=== About this exercise ===
What lines in this listing contain the string "version"? Report each one by copying it.
-- Provided records follows --
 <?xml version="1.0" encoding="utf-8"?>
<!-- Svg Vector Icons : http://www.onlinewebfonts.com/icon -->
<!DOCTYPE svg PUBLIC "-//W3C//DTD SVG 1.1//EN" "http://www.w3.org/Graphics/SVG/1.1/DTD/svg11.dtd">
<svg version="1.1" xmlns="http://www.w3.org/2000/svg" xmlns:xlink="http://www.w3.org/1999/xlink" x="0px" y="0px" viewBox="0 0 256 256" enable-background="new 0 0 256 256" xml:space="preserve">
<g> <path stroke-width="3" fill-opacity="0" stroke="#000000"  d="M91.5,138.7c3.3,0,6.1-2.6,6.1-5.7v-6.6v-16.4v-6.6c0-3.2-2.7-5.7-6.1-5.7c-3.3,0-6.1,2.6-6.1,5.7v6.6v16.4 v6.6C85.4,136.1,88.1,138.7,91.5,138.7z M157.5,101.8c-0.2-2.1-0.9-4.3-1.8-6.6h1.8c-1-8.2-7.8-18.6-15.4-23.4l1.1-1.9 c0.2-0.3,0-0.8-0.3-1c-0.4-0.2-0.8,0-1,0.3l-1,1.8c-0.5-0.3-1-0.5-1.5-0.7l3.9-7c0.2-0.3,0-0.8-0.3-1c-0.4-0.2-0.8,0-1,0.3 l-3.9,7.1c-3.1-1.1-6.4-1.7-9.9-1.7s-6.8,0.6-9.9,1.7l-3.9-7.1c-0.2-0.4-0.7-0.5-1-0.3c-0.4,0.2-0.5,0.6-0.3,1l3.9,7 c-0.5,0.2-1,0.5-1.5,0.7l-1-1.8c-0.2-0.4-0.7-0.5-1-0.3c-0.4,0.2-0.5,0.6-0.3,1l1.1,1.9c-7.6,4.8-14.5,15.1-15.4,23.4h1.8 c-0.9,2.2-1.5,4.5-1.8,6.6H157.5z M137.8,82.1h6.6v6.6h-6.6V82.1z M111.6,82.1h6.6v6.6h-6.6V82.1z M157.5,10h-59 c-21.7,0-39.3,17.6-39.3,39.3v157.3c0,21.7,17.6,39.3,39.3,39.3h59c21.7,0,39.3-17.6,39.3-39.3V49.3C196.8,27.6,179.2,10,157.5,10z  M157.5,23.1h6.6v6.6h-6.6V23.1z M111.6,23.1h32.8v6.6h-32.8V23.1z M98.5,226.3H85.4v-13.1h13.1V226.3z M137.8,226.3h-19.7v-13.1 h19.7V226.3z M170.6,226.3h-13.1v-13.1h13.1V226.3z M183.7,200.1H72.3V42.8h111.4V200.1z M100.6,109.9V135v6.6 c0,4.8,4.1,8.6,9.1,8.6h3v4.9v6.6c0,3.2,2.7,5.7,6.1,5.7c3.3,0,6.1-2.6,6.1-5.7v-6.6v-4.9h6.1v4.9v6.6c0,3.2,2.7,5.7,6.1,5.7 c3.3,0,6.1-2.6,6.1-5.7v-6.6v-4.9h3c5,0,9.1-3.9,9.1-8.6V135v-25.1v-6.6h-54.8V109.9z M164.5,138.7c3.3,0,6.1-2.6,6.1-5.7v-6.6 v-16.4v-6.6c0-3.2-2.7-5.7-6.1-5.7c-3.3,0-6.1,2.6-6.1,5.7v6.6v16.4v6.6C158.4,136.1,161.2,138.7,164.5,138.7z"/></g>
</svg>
-- Provided records concluded --
=== Final answer ===
 <?xml version="1.0" encoding="utf-8"?>
<svg version="1.1" xmlns="http://www.w3.org/2000/svg" xmlns:xlink="http://www.w3.org/1999/xlink" x="0px" y="0px" viewBox="0 0 256 256" enable-background="new 0 0 256 256" xml:space="preserve">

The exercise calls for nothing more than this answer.